The Village Holiday is an 1811 genre painting by the British artist David Wilkie. It depicts a scene outside an ale house, and was originally titled The Public House Door. Its final title is a misnomer, as it in fact depicts an inn then on the outskirts of London at Paddington. The Scottish-born London-based artist made his name with such narrative genre pieces before later turning to portraits and history paintings on a greater scale. Stylistically it references the seventeenth century genre works of the Dutch Old Master David Teniers the Younger.

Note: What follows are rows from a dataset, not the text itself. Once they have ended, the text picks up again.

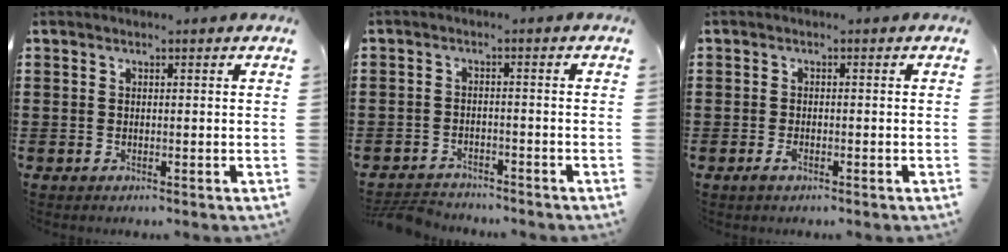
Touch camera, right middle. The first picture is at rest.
{"total": 3.4, "force": [-3.3, 0.6, 0.3], "torque": [-0.017, 0.000, -0.074]}
{"total": 1.4, "force": [-0.9, 0.5, 1.0], "torque": [-0.028, -0.006, -0.018]}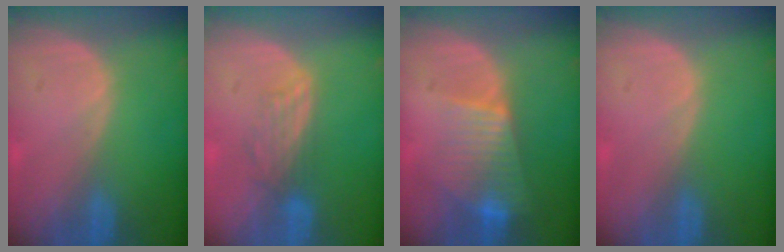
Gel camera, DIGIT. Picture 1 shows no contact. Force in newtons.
{"total": 3.8, "press": 3.2, "slide": 2.0}
{"total": 7.8, "press": 6.7, "slide": 4.1}
{"total": 0.0}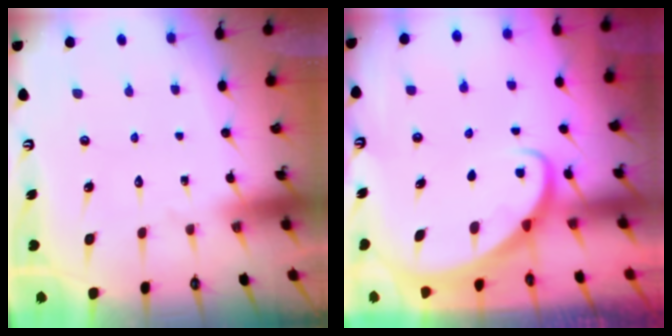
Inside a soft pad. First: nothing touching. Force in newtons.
{"total": 2.2, "press": 2.2, "slide": 0.2}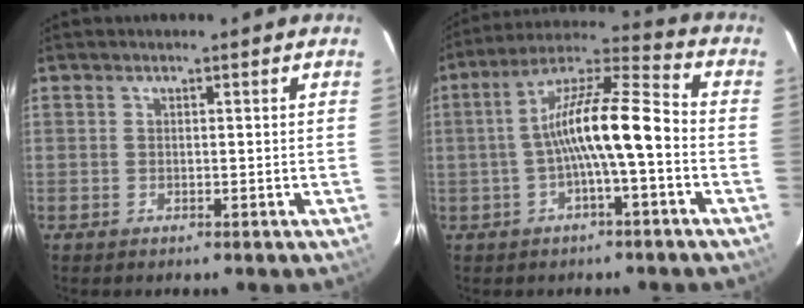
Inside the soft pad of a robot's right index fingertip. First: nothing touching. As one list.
[{"total": 12.3, "force": [-2.3, 1.7, 11.9], "torque": [-0.219, 0.025, -0.043]}]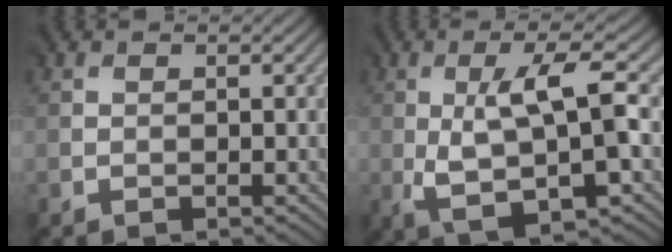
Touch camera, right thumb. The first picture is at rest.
{"total": 8.3, "force": [-0.5, 2.0, 8.0], "torque": [-0.148, 0.007, -0.006]}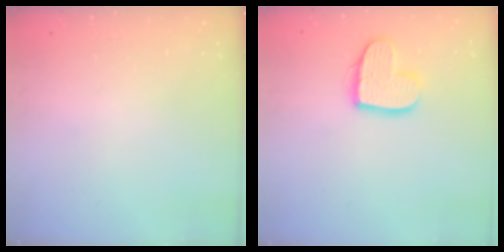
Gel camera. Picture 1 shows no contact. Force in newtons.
{"total": 11.5, "press": 11.5, "slide": 0.6}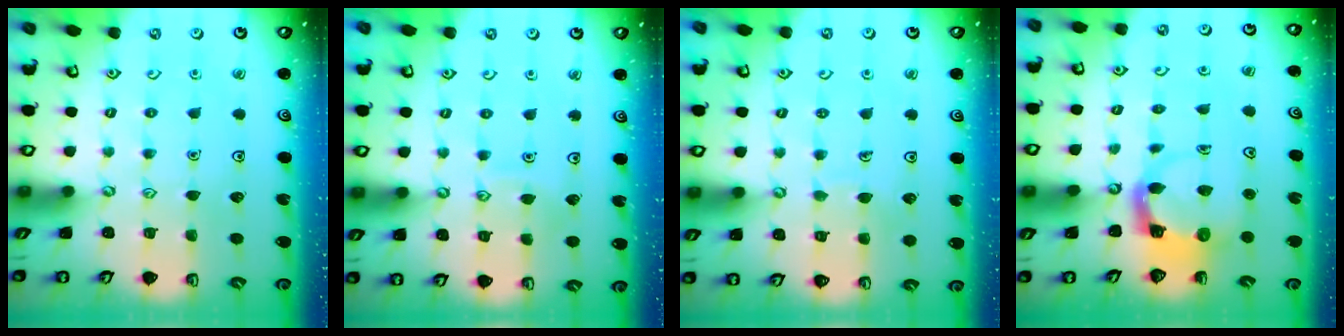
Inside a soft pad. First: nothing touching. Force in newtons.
{"total": 5.6, "press": 5.6, "slide": 0.5}
{"total": 4.6, "press": 4.6, "slide": 0.4}
{"total": 4.0, "press": 4.0, "slide": 0.2}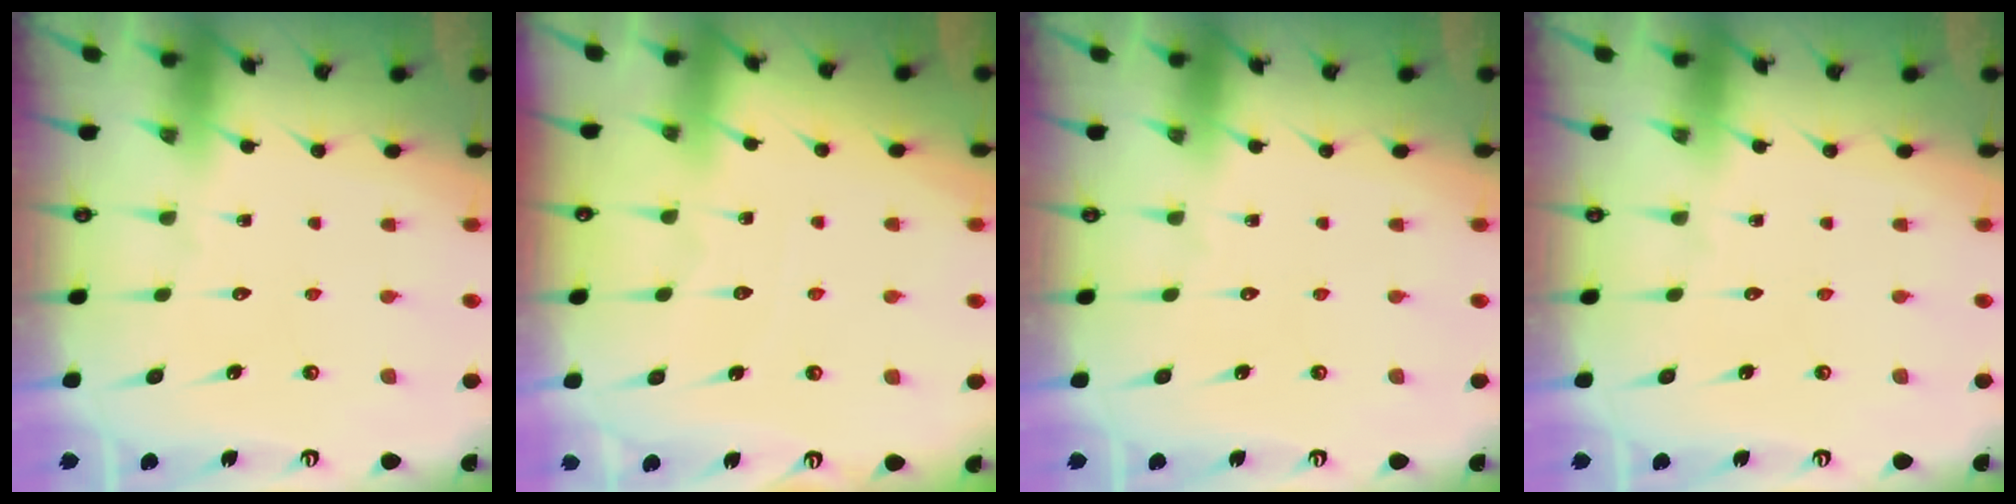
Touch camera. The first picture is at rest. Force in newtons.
{"total": 4.3, "press": 4.3, "slide": 0.6}
{"total": 0.0}
{"total": 0.0}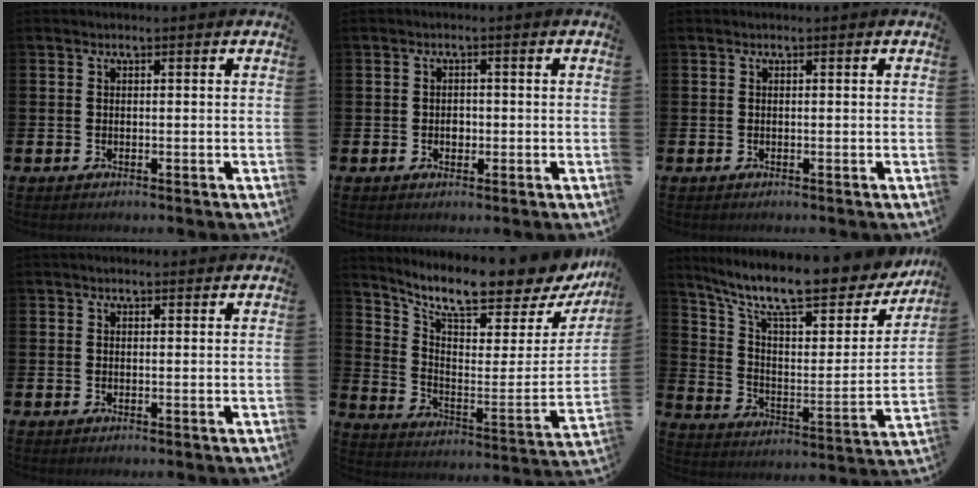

Begun in 1809, it was not completed until two years earlier. It was the centrepiece of a solo art exhibition Wilkie staged in 1812. Today the painting is in of the Tate Collection, having been purchased for the National Gallery in 1824. It was acquired as part of the collection of John Julius Angerstein and was therefore the only work of a living artist to feature in the initial National Gallery after its establishment. It is currently on loan to the National Gallery to celebration the institution's bicentenary.

==Bibliography==
- Noon, Patrick & Bann, Stephen. Constable to Delacroix: British Art and the French Romantics. Tate, 2003.
- Solkin, David H. Painting Out of the Ordinary: Modernity and the Art of Everyday Life in Early Nineteenth-century Britain. Yale University Press, 2009.
- Tromans, Nicholas. David Wilkie: The People's Painter. Edinburgh University Press, 2007.